We conduct classification experiments on real EEG signals to discriminate between imagination of left hand movements (first class) and right hand movements (second class). Data are taken from two subjects S1 and S2. At second 2 of each trial a symbol indicating one specific mental task is displayed. At second 5, the screen is blank to relax the subject till the start of next trial. EEG signals are recorded from 6 electrodes with the sample rate of 256 Hz. The preprocess is performed to bandpass filter the EEG signals between 8 and 30 Hz. Each trial was split into non-overlapping time-segments of 1.5 s length prior to calculation of the spatial filters.

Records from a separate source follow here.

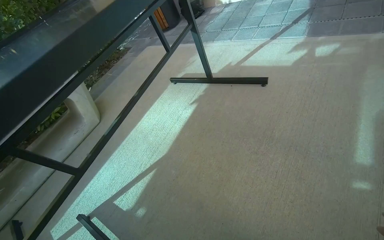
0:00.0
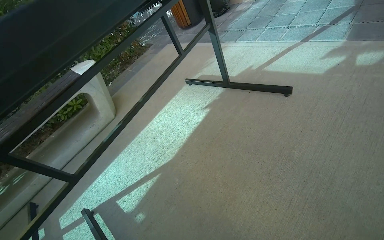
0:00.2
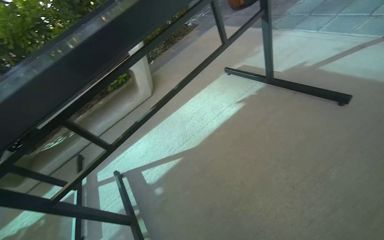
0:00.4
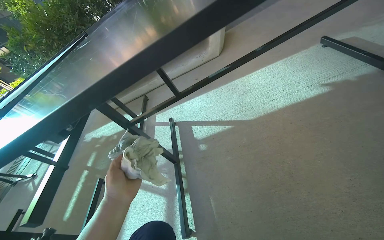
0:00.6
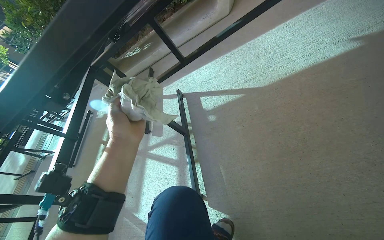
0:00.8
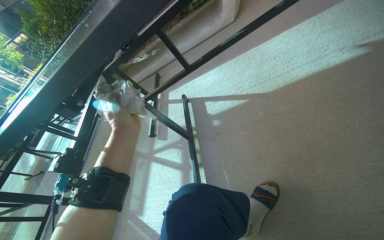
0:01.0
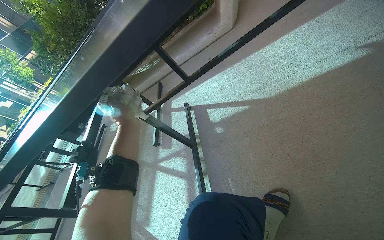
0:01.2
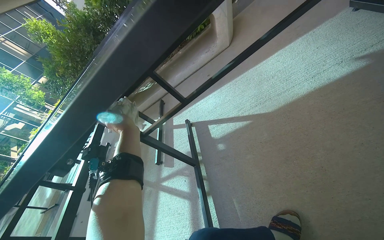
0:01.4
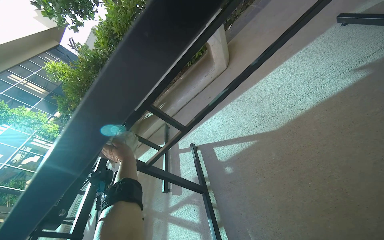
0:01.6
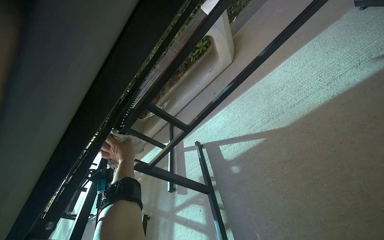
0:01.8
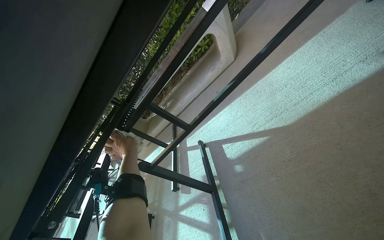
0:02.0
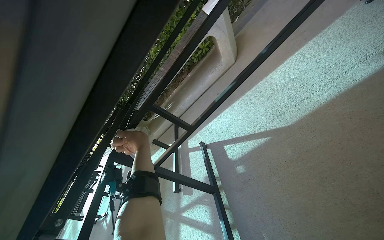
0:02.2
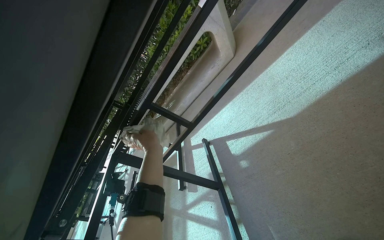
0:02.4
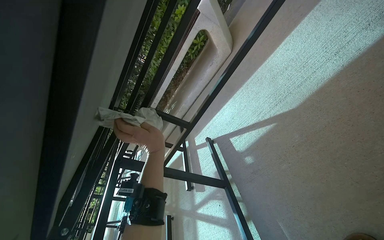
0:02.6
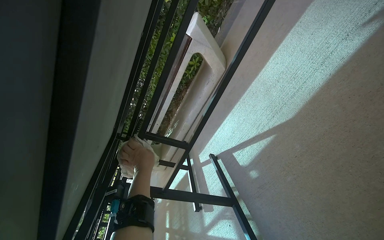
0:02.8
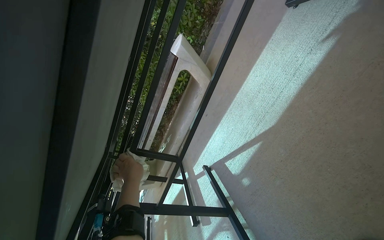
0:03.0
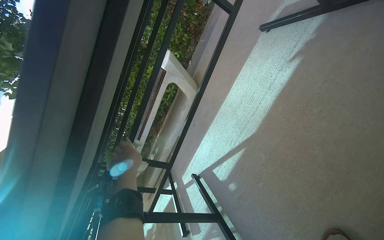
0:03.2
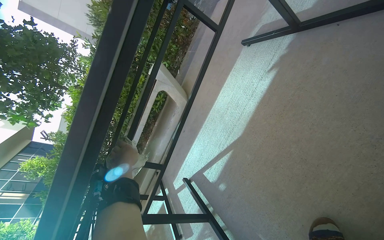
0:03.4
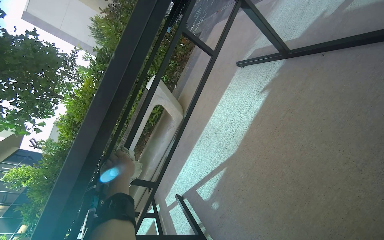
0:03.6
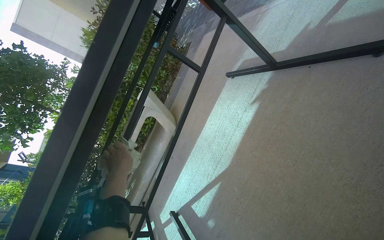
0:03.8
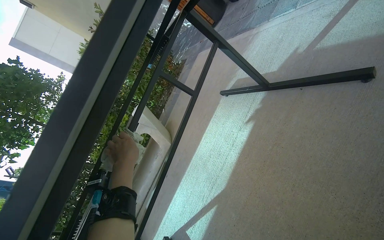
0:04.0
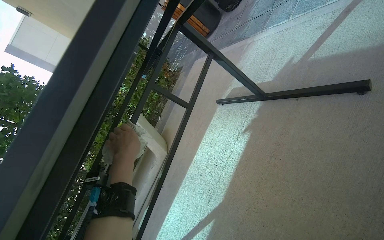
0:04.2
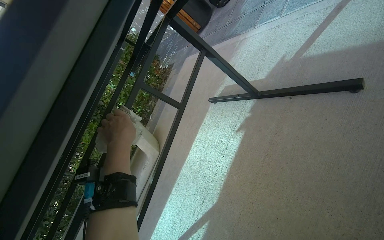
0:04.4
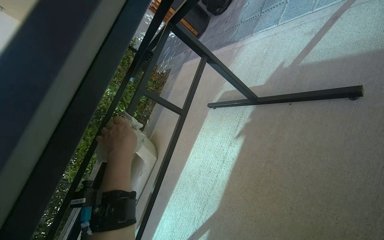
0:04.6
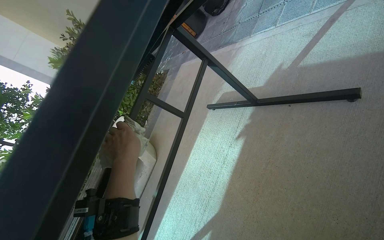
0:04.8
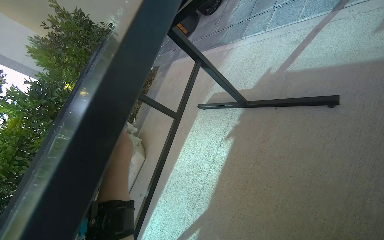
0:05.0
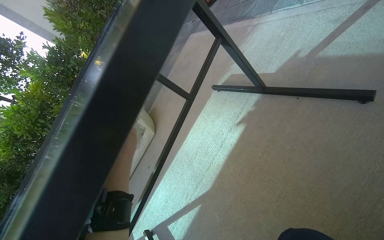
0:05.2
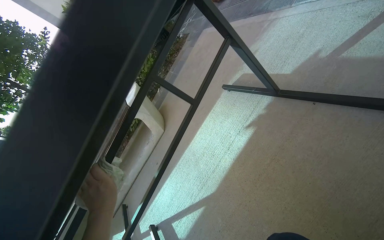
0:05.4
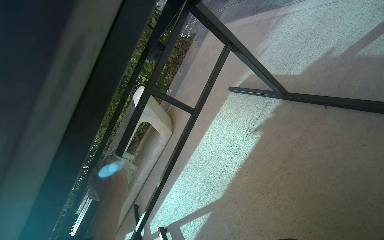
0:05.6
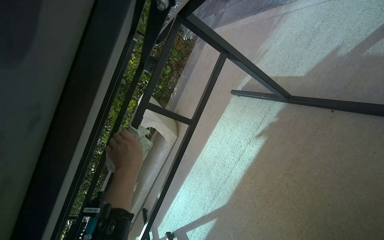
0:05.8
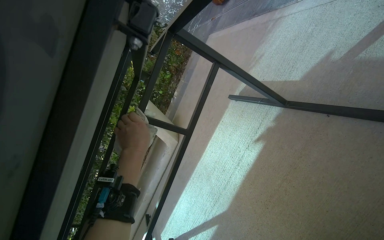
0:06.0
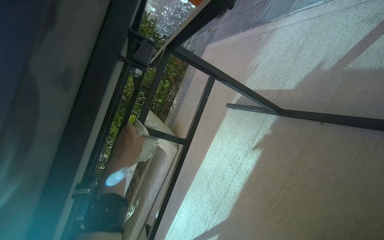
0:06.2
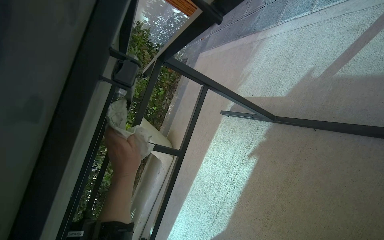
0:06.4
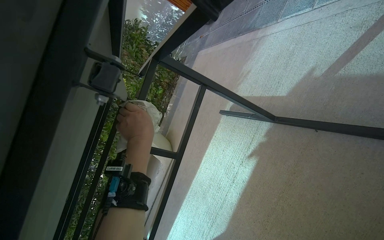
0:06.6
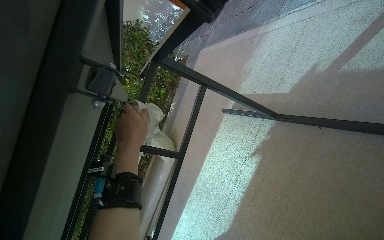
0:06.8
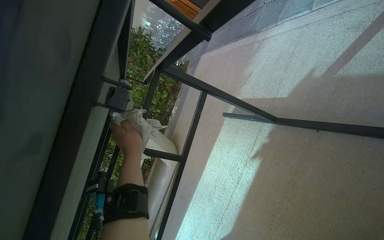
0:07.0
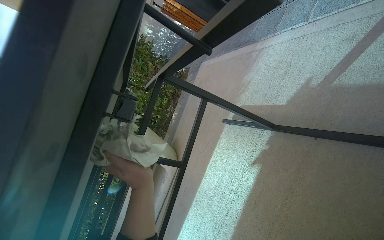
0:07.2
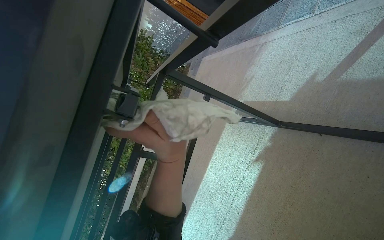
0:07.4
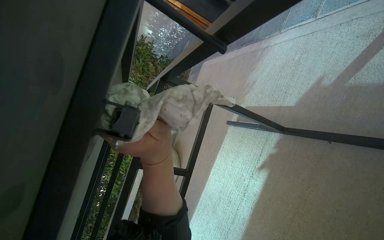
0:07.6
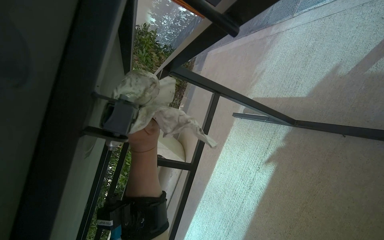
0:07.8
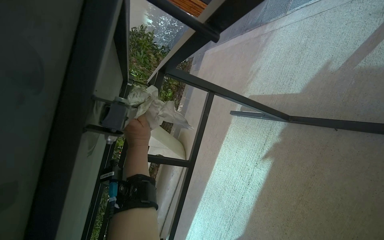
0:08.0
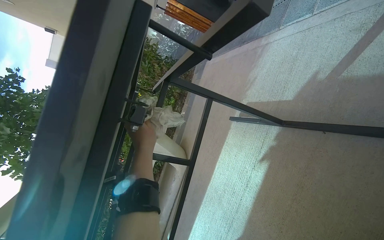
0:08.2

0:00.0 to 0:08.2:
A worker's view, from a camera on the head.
Job: wiping surfaces.
The whole recording: Wiping underside of outdoor table. The worker wipes the underside of an outdoor table with a cloth.
0:00.0 to 0:01.6: The head turns to the left by some 55 degrees. The view tips downward by about 15 degrees.
0:03.2 to 0:05.0: The view swings approximately 20 degrees to the right. The view tips upward by approximately 15 degrees.
0:05.0 to 0:06.6: The view pans to the left by some 15 degrees. The left hand goes roughly 10 cm to the right, and travels down the picture and back again, roughly 15 cm each way.

The Fig. 1 shows the data distribution of source signals filtered by the GCSP spatial filters. It is obvious that one class has the maximal variances while the others have the minimal variance in each direction. Therefore, the energies along the corresponding axes are enhanced by the kernel feature extractor. In this study, the Polynomial kernel function of k(xy) = (xy)dd = 2 and Gaussian kernel function of \(k(x,y)=exp(-{\|x-y\|^{2}}/{2\sigma^{2}})\) are applied in GCSP and linear support vector machine (SVM) classifiers are used to assess the classification performance. The optimal value for the parameter σ is determined through 5-fold cross-validation on training data. Table 1 gives the classification results of GCSP and linear CSP methods with small number of EEG training trials. In the case of subject S2, the linear CSP and GCSP resulted in roughly similar performance, while the results of subject S1 obtained by GCSP are generally better than the linear CSP. Experimental results demonstrate the superiority of nonlinear feature extractor empirically.

Fig. 1
figure 1

The feature distribution of source signals filtered by nonlinear spatial filters obtained from GCSP algorithm

Table 1 Classification accuracies (%) of linear CSP and nolinear GCSP algorithm by cross-validation

However, the disadvantages of the GCSP lie in the time and memory complexity of the algorithm. Consider the GSVD for the kernel matrix \({\mathcal{K}}_{c}, {\mathcal{K}}_{t}\) in Eq. (21). The kernel matrices have a relatively large dimension in typical EEG classification problems. To put it into perspective, assume 20 EEG trials for each class is given, each one with a length of 1000 samples, then \({\mathcal{K}}_{c}, {\mathcal{K}}_{t}\) will have about 20,0002 and 40,0002 elements respectively. GSVD of such two matrices imposes a high computational burden.

Conclusion

In this paper the kernel CSP approach based on GSVD is described as a nonlinear spatial filtering method. For real BCI applications, one tends to use as few training trials as necessary. The optimal kernel feature extractor proposed in this paper meets this need fairly well. One advantage of GCSP is that it can be applied regardless of singularity of the spatial covariance matrices both in the original space and in the feature space. In the future, the design of kernel functions specialized to each certain subject and new applications besides EEG signal classification would be further investigated.